13 thoughts on “Rubidium Disciplined Real Time Clock

  1. For many years I worked in the electric utility industry and I’ve built several GPS synchronized clocks for work and home use. My most recent clock, that isn’t finished yet, has been comparing the GPS time to the power line frequency. It seems like the Eastern US power grid can run perhaps 6 seconds fast or slow some days. Several of my clocks have power line frequency inputs and with a PC can log the frequency to 3 decimal places every second. It’s possible to see fluctuations during the day and major fluctuations if nuclear reactors scram half-way across the country. I recorded the frequency changes during the earthquake that damaged the Washington Monument a few years ago. At least one nuclear reactor scrammed during that event.

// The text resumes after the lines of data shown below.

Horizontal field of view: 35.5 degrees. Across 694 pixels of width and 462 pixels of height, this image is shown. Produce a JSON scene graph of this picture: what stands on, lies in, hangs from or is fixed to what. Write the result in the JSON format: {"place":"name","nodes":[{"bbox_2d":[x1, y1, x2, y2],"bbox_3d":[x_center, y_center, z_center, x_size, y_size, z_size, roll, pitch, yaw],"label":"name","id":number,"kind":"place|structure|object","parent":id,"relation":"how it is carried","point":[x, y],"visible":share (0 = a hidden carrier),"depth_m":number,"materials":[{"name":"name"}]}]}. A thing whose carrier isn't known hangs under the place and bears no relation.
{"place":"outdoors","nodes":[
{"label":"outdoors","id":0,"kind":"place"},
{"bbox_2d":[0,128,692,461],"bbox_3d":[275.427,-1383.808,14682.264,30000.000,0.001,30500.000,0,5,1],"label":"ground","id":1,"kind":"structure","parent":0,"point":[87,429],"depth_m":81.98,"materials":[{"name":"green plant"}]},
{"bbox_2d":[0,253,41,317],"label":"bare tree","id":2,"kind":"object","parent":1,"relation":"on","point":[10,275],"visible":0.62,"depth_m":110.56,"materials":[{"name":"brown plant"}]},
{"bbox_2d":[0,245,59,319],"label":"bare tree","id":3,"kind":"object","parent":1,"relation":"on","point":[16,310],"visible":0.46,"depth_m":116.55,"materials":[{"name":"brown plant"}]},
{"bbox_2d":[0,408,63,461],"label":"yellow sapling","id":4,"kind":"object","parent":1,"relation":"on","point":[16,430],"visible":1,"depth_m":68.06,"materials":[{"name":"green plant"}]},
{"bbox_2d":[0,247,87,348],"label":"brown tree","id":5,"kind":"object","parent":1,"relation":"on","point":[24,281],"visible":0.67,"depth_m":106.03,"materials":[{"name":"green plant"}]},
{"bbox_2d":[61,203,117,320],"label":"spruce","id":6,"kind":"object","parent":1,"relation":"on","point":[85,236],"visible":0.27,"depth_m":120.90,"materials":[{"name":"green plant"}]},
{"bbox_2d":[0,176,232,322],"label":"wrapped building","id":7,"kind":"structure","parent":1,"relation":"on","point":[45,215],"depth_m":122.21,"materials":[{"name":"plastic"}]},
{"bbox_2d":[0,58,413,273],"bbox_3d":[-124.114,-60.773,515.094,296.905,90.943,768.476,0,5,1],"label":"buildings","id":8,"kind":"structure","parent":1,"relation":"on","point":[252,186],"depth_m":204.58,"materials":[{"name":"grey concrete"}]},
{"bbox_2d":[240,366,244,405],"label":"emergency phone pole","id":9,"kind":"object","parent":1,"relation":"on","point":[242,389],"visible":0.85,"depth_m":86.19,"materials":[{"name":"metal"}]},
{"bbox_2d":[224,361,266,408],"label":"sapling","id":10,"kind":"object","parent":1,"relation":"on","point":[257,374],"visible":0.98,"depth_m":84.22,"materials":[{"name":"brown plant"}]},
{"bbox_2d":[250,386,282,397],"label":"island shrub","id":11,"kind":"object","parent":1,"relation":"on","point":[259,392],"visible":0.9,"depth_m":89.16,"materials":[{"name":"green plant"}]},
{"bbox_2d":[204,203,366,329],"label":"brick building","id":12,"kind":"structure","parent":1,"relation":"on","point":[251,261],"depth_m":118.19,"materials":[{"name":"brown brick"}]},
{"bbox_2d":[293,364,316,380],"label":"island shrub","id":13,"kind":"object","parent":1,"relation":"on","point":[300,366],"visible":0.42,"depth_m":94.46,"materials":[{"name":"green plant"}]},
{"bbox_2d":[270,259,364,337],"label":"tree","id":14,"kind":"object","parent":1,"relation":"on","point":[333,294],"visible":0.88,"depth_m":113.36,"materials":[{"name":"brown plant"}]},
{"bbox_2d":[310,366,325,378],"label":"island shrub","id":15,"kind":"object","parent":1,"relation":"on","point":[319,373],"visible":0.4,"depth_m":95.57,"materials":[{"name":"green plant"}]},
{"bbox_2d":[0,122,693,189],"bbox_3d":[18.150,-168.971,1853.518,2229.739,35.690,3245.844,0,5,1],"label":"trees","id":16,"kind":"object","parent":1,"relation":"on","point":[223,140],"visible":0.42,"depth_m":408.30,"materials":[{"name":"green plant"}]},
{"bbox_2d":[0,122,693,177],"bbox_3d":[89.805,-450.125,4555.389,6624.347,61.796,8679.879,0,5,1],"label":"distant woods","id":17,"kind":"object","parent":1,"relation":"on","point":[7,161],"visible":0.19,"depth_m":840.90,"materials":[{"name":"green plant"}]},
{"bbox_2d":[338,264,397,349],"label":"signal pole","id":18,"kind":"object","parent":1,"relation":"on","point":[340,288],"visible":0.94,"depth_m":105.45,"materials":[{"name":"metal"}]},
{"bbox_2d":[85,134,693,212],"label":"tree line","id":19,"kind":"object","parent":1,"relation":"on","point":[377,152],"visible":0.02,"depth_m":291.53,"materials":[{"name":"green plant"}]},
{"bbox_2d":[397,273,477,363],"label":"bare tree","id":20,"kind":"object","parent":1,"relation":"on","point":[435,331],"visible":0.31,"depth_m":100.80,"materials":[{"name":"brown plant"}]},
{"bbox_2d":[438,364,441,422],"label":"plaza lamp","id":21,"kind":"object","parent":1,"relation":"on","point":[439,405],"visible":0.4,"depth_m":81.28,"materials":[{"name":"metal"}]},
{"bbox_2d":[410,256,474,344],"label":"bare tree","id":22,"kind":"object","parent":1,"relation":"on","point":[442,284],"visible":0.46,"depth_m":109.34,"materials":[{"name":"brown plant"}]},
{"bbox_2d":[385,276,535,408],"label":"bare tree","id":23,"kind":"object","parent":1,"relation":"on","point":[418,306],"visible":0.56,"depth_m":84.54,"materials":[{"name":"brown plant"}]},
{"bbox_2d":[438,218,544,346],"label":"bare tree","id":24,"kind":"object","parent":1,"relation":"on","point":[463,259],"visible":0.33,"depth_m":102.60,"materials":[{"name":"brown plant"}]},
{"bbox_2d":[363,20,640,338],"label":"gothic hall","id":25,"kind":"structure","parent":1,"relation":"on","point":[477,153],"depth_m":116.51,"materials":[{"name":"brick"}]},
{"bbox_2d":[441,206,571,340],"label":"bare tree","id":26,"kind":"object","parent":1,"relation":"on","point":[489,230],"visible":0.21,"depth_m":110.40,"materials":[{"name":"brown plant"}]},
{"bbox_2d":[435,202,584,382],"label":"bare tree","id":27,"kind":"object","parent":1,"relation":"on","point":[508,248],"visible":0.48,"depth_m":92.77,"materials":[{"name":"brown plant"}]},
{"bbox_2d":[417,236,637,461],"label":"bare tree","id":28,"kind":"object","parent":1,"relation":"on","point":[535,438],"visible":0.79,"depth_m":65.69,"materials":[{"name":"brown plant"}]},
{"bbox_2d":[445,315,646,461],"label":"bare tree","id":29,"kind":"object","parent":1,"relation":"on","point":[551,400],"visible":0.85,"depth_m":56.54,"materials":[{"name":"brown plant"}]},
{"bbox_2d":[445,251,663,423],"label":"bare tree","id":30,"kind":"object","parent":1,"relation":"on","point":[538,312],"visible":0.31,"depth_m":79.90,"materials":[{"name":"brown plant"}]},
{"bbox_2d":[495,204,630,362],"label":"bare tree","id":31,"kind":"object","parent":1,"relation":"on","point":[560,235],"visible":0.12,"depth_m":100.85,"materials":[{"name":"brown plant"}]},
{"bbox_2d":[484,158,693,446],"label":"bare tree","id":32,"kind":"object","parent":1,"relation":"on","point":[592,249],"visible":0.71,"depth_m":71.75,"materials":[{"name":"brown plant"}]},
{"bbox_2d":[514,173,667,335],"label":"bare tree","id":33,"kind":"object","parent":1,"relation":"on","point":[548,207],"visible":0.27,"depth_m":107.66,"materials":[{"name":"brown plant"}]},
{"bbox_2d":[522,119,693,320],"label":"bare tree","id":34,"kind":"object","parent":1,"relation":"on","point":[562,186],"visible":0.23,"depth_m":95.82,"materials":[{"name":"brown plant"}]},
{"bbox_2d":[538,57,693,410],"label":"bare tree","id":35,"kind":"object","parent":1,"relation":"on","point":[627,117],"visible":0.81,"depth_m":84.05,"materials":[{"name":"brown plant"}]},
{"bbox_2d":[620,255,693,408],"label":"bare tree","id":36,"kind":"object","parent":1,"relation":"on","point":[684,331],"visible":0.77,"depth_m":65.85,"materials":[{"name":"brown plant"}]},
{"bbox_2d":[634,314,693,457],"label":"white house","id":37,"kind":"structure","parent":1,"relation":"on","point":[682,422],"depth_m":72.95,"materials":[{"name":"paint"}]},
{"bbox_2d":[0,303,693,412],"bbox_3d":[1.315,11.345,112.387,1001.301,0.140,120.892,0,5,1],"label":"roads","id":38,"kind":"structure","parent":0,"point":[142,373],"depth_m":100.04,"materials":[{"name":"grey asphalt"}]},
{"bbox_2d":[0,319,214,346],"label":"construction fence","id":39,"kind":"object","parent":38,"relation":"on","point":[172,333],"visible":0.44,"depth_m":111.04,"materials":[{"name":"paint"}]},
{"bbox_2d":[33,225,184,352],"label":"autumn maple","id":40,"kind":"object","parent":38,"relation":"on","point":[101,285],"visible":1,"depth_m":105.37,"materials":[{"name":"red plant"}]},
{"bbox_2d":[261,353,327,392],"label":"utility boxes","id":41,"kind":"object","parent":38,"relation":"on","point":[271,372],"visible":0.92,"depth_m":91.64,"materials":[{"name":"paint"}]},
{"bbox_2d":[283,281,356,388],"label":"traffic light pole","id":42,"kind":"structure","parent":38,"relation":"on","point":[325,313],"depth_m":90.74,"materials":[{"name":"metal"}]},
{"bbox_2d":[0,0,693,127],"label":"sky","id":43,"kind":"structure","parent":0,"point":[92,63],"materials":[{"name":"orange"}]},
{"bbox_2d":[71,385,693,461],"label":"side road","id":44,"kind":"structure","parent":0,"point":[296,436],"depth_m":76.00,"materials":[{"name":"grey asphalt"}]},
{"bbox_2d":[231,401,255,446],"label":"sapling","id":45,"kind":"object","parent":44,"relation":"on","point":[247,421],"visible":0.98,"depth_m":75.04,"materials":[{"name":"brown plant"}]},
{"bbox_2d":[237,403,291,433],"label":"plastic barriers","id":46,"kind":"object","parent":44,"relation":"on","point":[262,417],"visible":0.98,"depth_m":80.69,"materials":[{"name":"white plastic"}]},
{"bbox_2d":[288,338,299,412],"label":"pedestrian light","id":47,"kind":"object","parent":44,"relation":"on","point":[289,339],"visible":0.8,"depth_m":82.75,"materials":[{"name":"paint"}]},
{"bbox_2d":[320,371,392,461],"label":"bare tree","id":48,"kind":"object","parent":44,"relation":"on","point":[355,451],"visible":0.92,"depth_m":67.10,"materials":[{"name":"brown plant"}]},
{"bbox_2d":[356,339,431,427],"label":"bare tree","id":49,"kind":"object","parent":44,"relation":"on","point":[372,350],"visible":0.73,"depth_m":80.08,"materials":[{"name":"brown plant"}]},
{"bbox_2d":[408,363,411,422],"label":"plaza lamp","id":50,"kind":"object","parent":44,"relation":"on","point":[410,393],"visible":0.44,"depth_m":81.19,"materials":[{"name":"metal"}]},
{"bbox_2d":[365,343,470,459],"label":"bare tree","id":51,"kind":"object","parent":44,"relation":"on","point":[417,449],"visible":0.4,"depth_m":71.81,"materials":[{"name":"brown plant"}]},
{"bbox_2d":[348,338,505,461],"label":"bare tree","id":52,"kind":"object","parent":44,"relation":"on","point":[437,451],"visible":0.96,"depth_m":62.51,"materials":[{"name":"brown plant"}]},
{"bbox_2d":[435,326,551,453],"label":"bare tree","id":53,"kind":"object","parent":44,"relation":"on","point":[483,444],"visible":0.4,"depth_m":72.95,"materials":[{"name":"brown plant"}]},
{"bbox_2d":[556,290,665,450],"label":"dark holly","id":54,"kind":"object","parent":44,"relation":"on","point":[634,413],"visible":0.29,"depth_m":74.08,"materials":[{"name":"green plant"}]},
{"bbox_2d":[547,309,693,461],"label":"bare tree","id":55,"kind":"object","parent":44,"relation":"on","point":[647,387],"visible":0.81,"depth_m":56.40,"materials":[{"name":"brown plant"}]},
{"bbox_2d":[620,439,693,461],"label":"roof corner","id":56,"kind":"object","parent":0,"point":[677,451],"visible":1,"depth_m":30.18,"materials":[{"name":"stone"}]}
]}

These are things you can do when you have a highly accurate clock.

  2. I sell on Tindie a GPS discipline board for the FE-5680A rubidium oscillator that’s widely available on eBay.

    The 5680 has excellent long term stability (like GPS), but it’s short term stability (tau < 2-3 sec) isn't as good as a decent OCXO. If you're making a clock, that's not a big deal but if you're feeding a UHF or SHF frequency multiplier, you'll need something with better phase noise than the 5680A offers.

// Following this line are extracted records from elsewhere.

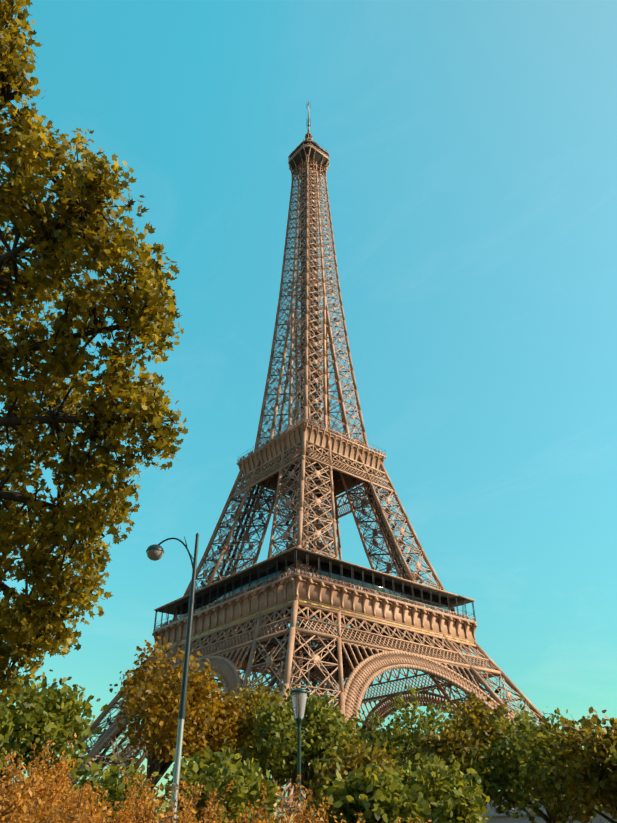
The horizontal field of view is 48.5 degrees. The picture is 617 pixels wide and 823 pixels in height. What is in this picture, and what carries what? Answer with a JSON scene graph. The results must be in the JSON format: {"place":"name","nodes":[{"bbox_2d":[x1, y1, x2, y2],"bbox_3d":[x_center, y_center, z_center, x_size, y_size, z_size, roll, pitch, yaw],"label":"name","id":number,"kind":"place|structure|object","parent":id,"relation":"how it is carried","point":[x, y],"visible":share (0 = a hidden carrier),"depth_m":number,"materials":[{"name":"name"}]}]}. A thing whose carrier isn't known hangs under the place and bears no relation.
{"place":"outdoors","nodes":[
{"label":"outdoors","id":0,"kind":"place"},
{"bbox_2d":[0,0,616,821],"label":"sky","id":1,"kind":"structure","parent":0,"point":[471,145],"materials":[{"name":"blue"}]},
{"bbox_2d":[469,785,616,822],"bbox_3d":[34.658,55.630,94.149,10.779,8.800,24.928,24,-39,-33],"label":"ground","id":2,"kind":"structure","parent":0,"point":[499,818],"depth_m":93.51,"materials":[{"name":"grey stone"}]},
{"label":"ground","id":3,"kind":"structure","parent":0,"visible":0},
{"bbox_2d":[0,793,47,822],"bbox_3d":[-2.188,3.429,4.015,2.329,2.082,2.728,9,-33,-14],"label":"tamarisk shrub","id":4,"kind":"object","parent":3,"relation":"on","point":[20,800],"visible":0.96,"depth_m":4.13,"materials":[{"name":"orange plant"}]},
{"bbox_2d":[0,774,54,822],"bbox_3d":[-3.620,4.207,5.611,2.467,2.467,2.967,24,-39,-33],"label":"tamarisk shrub","id":5,"kind":"object","parent":3,"relation":"on","point":[25,802],"visible":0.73,"depth_m":6.11,"materials":[{"name":"orange plant"}]},
{"bbox_2d":[0,796,62,820],"bbox_3d":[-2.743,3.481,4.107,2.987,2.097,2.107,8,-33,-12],"label":"tamarisk shrub","id":6,"kind":"object","parent":3,"relation":"on","point":[53,813],"visible":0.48,"depth_m":4.95,"materials":[{"name":"orange plant"}]},
{"bbox_2d":[21,801,62,822],"bbox_3d":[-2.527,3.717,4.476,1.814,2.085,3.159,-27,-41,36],"label":"tamarisk shrub","id":7,"kind":"object","parent":3,"relation":"on","point":[28,821],"visible":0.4,"depth_m":5.38,"materials":[{"name":"orange plant"}]},
{"bbox_2d":[0,806,90,822],"bbox_3d":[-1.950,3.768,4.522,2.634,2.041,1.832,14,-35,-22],"label":"tamarisk shrub","id":8,"kind":"object","parent":3,"relation":"on","point":[13,818],"visible":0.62,"depth_m":5.13,"materials":[{"name":"orange plant"}]},
{"bbox_2d":[0,663,108,794],"bbox_3d":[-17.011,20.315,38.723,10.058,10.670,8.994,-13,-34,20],"label":"park tree","id":9,"kind":"object","parent":3,"relation":"on","point":[36,716],"visible":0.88,"depth_m":38.20,"materials":[{"name":"green plant"}]},
{"bbox_2d":[0,733,137,822],"bbox_3d":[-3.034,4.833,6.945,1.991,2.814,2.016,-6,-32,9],"label":"tamarisk shrub","id":10,"kind":"object","parent":3,"relation":"on","point":[39,782],"visible":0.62,"depth_m":7.17,"materials":[{"name":"orange plant"}]},
{"bbox_2d":[4,765,154,822],"bbox_3d":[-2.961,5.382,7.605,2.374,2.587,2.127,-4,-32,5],"label":"tamarisk shrub","id":11,"kind":"object","parent":3,"relation":"on","point":[125,803],"visible":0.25,"depth_m":8.11,"materials":[{"name":"orange plant"}]},
{"bbox_2d":[36,786,122,822],"bbox_3d":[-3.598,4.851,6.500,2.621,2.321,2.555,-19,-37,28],"label":"tamarisk shrub","id":12,"kind":"object","parent":3,"relation":"on","point":[86,790],"visible":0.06,"depth_m":7.34,"materials":[{"name":"orange plant"}]},
{"bbox_2d":[0,0,187,710],"bbox_3d":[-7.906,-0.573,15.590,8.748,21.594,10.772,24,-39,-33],"label":"plane tree","id":13,"kind":"object","parent":3,"relation":"on","point":[29,621],"visible":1,"depth_m":14.96,"materials":[{"name":"green plant"}]},
{"bbox_2d":[38,755,167,822],"bbox_3d":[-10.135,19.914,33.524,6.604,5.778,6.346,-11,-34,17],"label":"bush","id":14,"kind":"object","parent":3,"relation":"on","point":[113,785],"visible":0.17,"depth_m":33.07,"materials":[{"name":"green plant"}]},
{"bbox_2d":[46,785,174,822],"bbox_3d":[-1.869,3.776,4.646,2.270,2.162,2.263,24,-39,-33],"label":"tamarisk shrub","id":15,"kind":"object","parent":3,"relation":"on","point":[55,819],"visible":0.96,"depth_m":4.88,"materials":[{"name":"orange plant"}]},
{"bbox_2d":[28,788,197,822],"bbox_3d":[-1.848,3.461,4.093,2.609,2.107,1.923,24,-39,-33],"label":"tamarisk shrub","id":16,"kind":"object","parent":3,"relation":"on","point":[108,812],"visible":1,"depth_m":4.43,"materials":[{"name":"orange plant"}]},
{"bbox_2d":[0,771,233,822],"bbox_3d":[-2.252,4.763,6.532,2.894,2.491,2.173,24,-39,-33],"label":"tamarisk shrub","id":17,"kind":"object","parent":3,"relation":"on","point":[208,803],"visible":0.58,"depth_m":6.93,"materials":[{"name":"orange plant"}]},
{"bbox_2d":[72,785,263,822],"bbox_3d":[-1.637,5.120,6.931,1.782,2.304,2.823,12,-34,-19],"label":"tamarisk shrub","id":18,"kind":"object","parent":3,"relation":"on","point":[92,814],"visible":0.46,"depth_m":7.15,"materials":[{"name":"orange plant"}]},
{"bbox_2d":[146,533,198,822],"bbox_3d":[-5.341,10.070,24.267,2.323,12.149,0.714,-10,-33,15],"label":"tall street lamp","id":19,"kind":"object","parent":3,"relation":"on","point":[154,552],"visible":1,"depth_m":24.66,"materials":[{"name":"metal"}]},
{"bbox_2d":[109,636,252,801],"bbox_3d":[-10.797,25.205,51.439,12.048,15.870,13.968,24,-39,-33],"label":"park tree","id":20,"kind":"object","parent":3,"relation":"on","point":[157,699],"visible":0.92,"depth_m":50.40,"materials":[{"name":"yellow plant"}]},
{"bbox_2d":[206,805,226,822],"bbox_3d":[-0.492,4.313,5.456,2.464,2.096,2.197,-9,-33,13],"label":"tamarisk shrub","id":21,"kind":"object","parent":3,"relation":"on","point":[220,812],"visible":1,"depth_m":6.29,"materials":[{"name":"orange plant"}]},
{"bbox_2d":[160,736,284,822],"bbox_3d":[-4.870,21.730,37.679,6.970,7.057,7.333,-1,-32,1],"label":"bush","id":22,"kind":"object","parent":3,"relation":"on","point":[214,772],"visible":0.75,"depth_m":36.91,"materials":[{"name":"green plant"}]},
{"bbox_2d":[121,770,337,822],"bbox_3d":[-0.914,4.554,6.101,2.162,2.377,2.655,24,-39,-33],"label":"tamarisk shrub","id":23,"kind":"object","parent":3,"relation":"on","point":[308,816],"visible":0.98,"depth_m":6.24,"materials":[{"name":"orange plant"}]},
{"bbox_2d":[149,797,328,822],"bbox_3d":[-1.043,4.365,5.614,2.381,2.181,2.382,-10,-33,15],"label":"tamarisk shrub","id":24,"kind":"object","parent":3,"relation":"on","point":[253,820],"visible":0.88,"depth_m":6.06,"materials":[{"name":"orange plant"}]},
{"bbox_2d":[195,677,305,769],"bbox_3d":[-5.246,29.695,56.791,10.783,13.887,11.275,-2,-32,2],"label":"park tree","id":25,"kind":"object","parent":3,"relation":"on","point":[254,699],"visible":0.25,"depth_m":56.07,"materials":[{"name":"green plant"}]},
{"bbox_2d":[290,688,307,822],"bbox_3d":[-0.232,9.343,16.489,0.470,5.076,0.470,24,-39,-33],"label":"lantern lamp","id":26,"kind":"object","parent":3,"relation":"on","point":[299,697],"visible":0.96,"depth_m":17.40,"materials":[{"name":"grey metal"}]},
{"bbox_2d":[39,101,568,822],"bbox_3d":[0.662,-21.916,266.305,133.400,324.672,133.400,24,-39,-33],"label":"tower","id":27,"kind":"structure","parent":3,"relation":"on","point":[303,467],"depth_m":207.75,"materials":[{"name":"brown metal"}]},
{"bbox_2d":[232,682,376,822],"bbox_3d":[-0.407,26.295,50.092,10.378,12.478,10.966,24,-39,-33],"label":"park tree","id":28,"kind":"object","parent":3,"relation":"on","point":[277,752],"visible":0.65,"depth_m":49.80,"materials":[{"name":"green plant"}]},
{"bbox_2d":[296,734,409,815],"bbox_3d":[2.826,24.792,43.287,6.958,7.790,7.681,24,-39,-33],"label":"bush","id":29,"kind":"object","parent":3,"relation":"on","point":[358,758],"visible":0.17,"depth_m":43.08,"materials":[{"name":"green plant"}]},
{"bbox_2d":[306,757,438,822],"bbox_3d":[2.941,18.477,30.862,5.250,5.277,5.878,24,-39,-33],"label":"bush","id":30,"kind":"object","parent":3,"relation":"on","point":[371,796],"visible":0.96,"depth_m":30.43,"materials":[{"name":"green plant"}]},
{"bbox_2d":[333,805,431,822],"bbox_3d":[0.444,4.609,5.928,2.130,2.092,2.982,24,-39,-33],"label":"tamarisk shrub","id":31,"kind":"object","parent":3,"relation":"on","point":[358,821],"visible":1,"depth_m":6.25,"materials":[{"name":"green plant"}]},
{"bbox_2d":[350,685,462,788],"bbox_3d":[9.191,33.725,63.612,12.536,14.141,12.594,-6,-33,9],"label":"park tree","id":32,"kind":"object","parent":3,"relation":"on","point":[396,735],"visible":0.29,"depth_m":63.25,"materials":[{"name":"green plant"}]},
{"bbox_2d":[384,745,491,822],"bbox_3d":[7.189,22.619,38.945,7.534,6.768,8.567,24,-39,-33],"label":"bush","id":33,"kind":"object","parent":3,"relation":"on","point":[462,802],"visible":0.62,"depth_m":37.83,"materials":[{"name":"green plant"}]},
{"bbox_2d":[399,691,534,815],"bbox_3d":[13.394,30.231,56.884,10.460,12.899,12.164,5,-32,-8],"label":"park tree","id":34,"kind":"object","parent":3,"relation":"on","point":[460,738],"visible":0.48,"depth_m":56.07,"materials":[{"name":"green plant"}]},
{"bbox_2d":[463,697,606,822],"bbox_3d":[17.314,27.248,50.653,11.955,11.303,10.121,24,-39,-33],"label":"park tree","id":35,"kind":"object","parent":3,"relation":"on","point":[523,757],"visible":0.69,"depth_m":49.67,"materials":[{"name":"green plant"}]},
{"bbox_2d":[524,706,616,822],"bbox_3d":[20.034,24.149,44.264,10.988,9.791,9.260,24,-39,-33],"label":"park tree","id":36,"kind":"object","parent":3,"relation":"on","point":[594,772],"visible":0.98,"depth_m":43.50,"materials":[{"name":"green plant"}]},
{"bbox_2d":[607,740,616,785],"bbox_3d":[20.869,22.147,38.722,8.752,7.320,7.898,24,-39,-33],"label":"park tree","id":37,"kind":"object","parent":3,"relation":"on","point":[612,759],"visible":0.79,"depth_m":40.81,"materials":[{"name":"green plant"}]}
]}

    The best application of the 5680A is as an offline standard for use when GPS reception isn't available. If you calibrate a 5680A, you can count on the rubidium physics package keeping the calibration locked in much better than an OCCO would be able to do without discipline.

  3. I’m wondering if adding a linear power supply (Instead of the regulating psu) will improve the stability. It all depends on the switching frequency of the regulators. A good power filter can also do the job.

    Testing this would require 4 of the same circuit 2 of each and preferably of the same batch… A bit to much for just playing around. As you can get the time with NTP or GPS pretty cheaply.

    1. The regulating PSU actually powers a set of linear regulators within the frequency standard. Hopefully together with the filtering caps not much of the switching noise makes it through.

      The 5v rail is switching only however, but it has some nice filtering caps. I may consider adding a follow-on linear regulator just to be sure…

    1. The CSAC is very impressive but this FE-5650A has better long term stability: <2 x 10^-10/year
      compared <1×10^–8/year typical(*) for the to the CSAC module.

      Also this disclaimer(*) in the CSAC datasheet does not inspire confidence:

      "However, continuous operation of CSAC over extended period of time
      may yield unpredictable aging performance, resulting in failure to meet the aging specs and may not be suitable for certain applications."

  4. The way they acheive short term accuracy in the cesium beam atomic clock (5060 series HP / Agilent / Keysight ) is by EFC correction of an ovenized crystal oscillator (10811).
    However comparing to WWVB isn’t really practical as it would take almost a week to truly certify a Rubidium standard. It takes near a full day just to certify an ovenized crystal. Rubidium is at least a full magnitude or two beyond a good ovenized rock. Problem is WWVB is only 60KHz. Takes time to compare a 5 or 10 MHz standard to that.

      1. Nice little osc…. If it lives up to its spec of 0.3 ppm per year. (3 Hz @ 10 MHz). The 10811A is spec’d at 5 x -10 per day, or 1.82 Hz per year. So doing REAL GOOD to come in under 2x that spec in a micro can OCXO. Only problem I see from spec sheet is the +/- 4 ppm EFC voltage range of 0 – 6 V. On a 10 MHz rock that’s a range of 80 Hz, or 13.333… Hz/V. You’ll need a very stable correction circuit. (Think mylar or glass caps)

  5. I have a similar project here:

    I decided to go with several 8×8 LED arrays so that I could incorporate menus that allow for selecting time zone, 12/24 hour display, brightness, etc. I can also “turn off” the GPS so I can measure the drift between the GPS and the Rubidium source. Went with a generic 2U case and cut a hole for the display.

    I still haven’t “finished” the project, as I’d like to switch to the 16KHz source from the DS3231 as the internal timekeeper, which is significantly better than the Arduino crystal.